** AVAILABLE DATA follows **

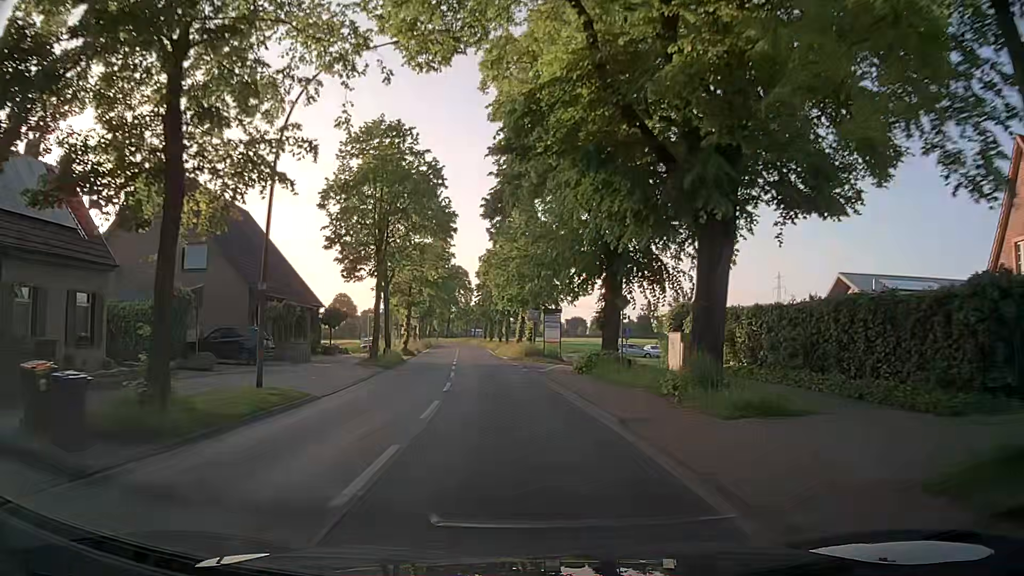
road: secondary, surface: asphalt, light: Day
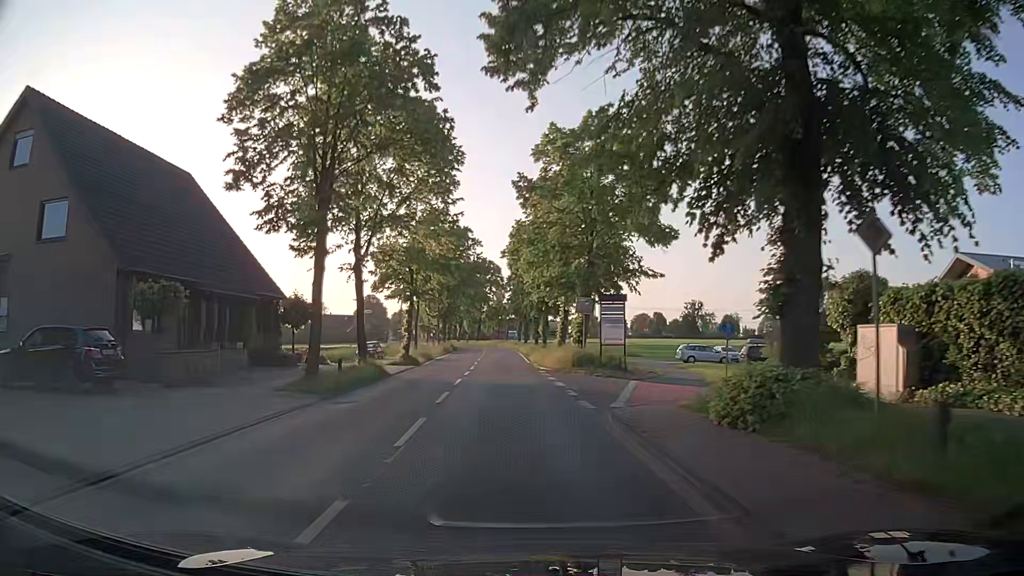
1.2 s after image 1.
(-0.4, +14.9) m; -3°
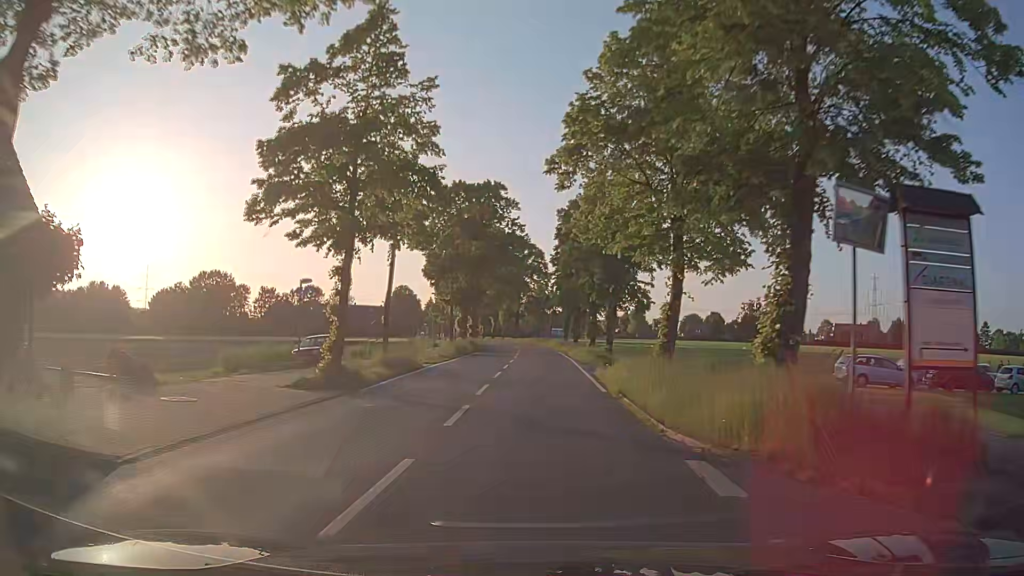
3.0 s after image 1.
(-0.8, +22.5) m; -3°
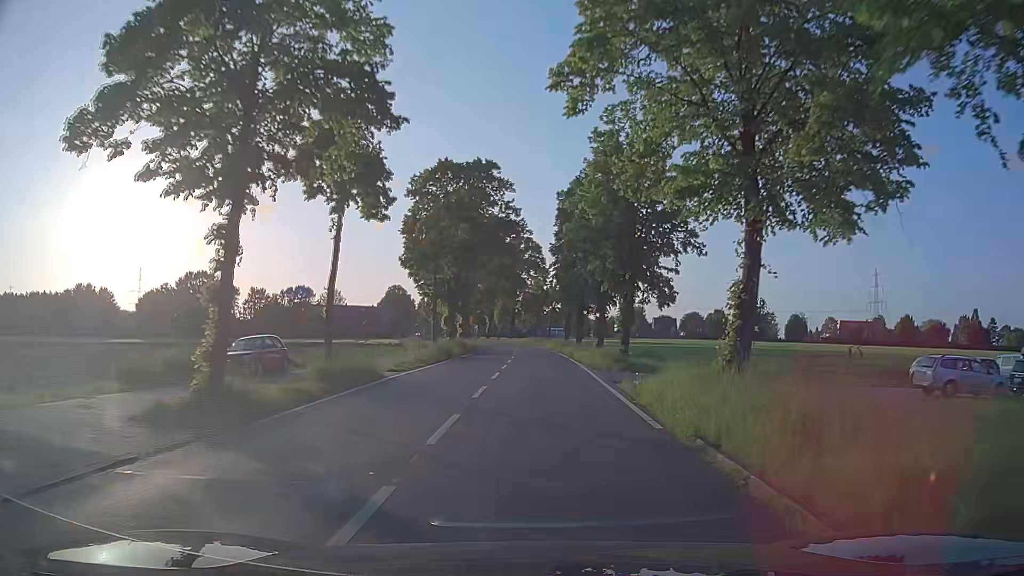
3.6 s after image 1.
(0.0, +7.6) m; 0°
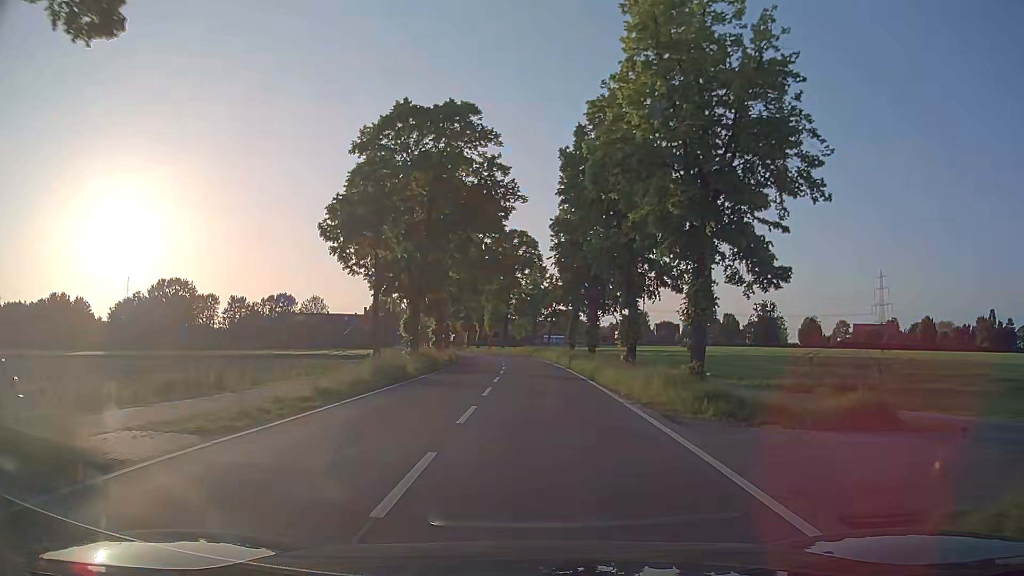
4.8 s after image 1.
(+0.1, +15.2) m; +1°
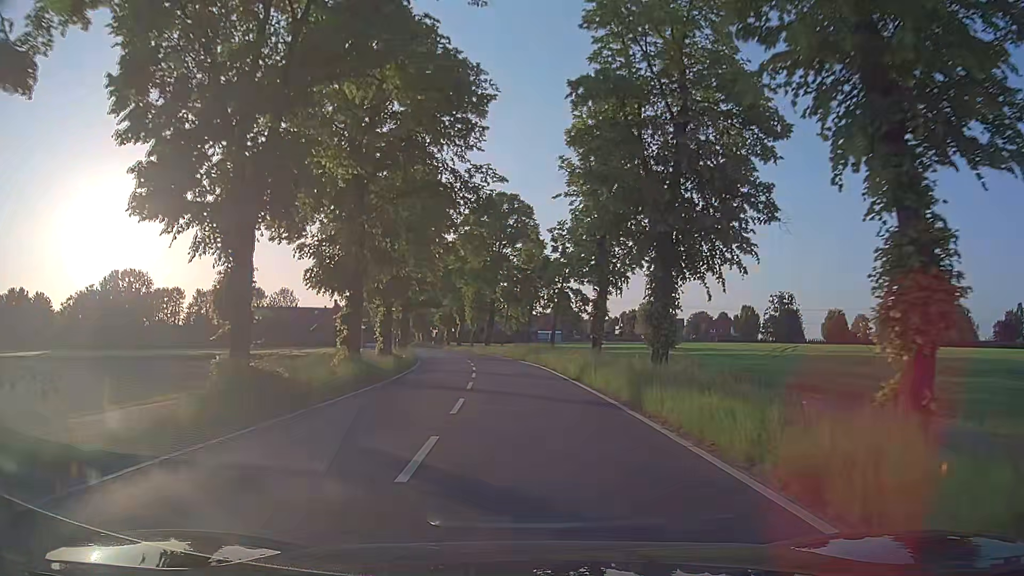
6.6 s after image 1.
(-0.2, +22.8) m; 0°
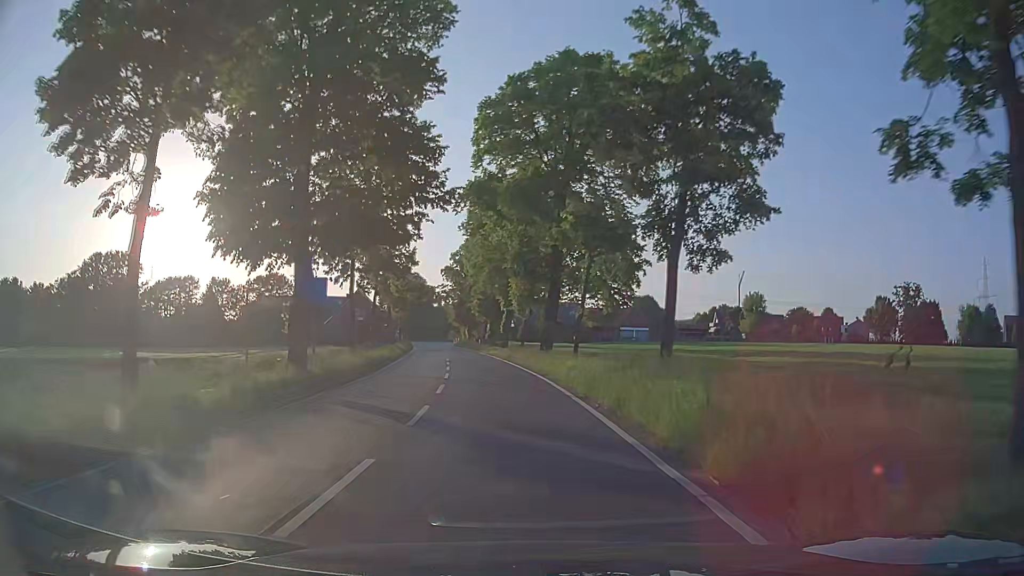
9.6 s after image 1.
(-1.4, +38.1) m; -6°
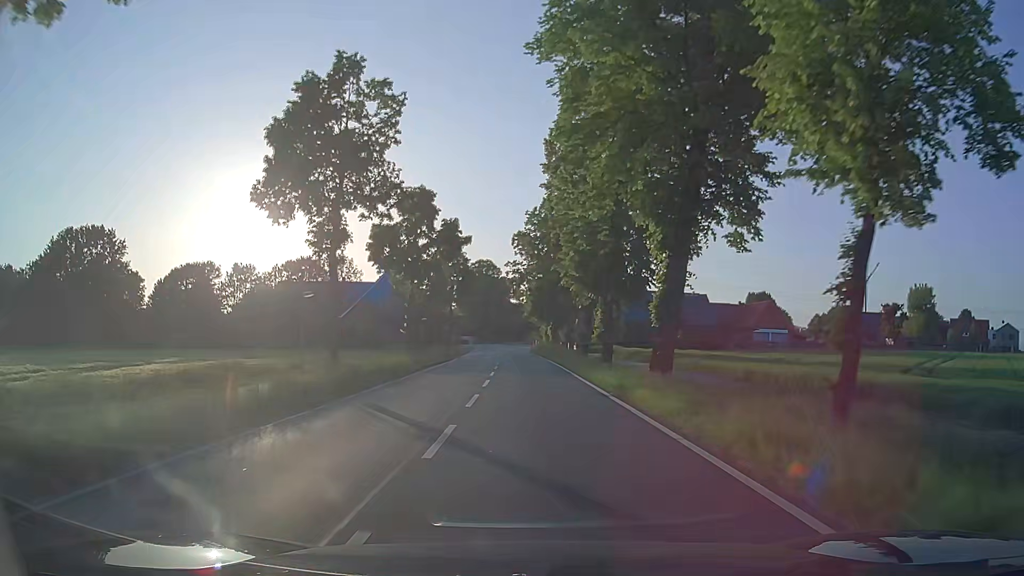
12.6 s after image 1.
(-3.2, +38.9) m; -6°

** End of AVAILABLE DATA **

WHAT IS REQUIRED –
The reply should repeat the data in full, exactly as given, and contain no pictures.

SOLUTION TO THIS EXERCISE –
road: secondary, surface: asphalt, light: Day
1.2 s after image 1.
(-0.4, +14.9) m; -3°
3.0 s after image 1.
(-0.8, +22.5) m; -3°
3.6 s after image 1.
(0.0, +7.6) m; 0°
4.8 s after image 1.
(+0.1, +15.2) m; +1°
6.6 s after image 1.
(-0.2, +22.8) m; 0°
9.6 s after image 1.
(-1.4, +38.1) m; -6°
12.6 s after image 1.
(-3.2, +38.9) m; -6°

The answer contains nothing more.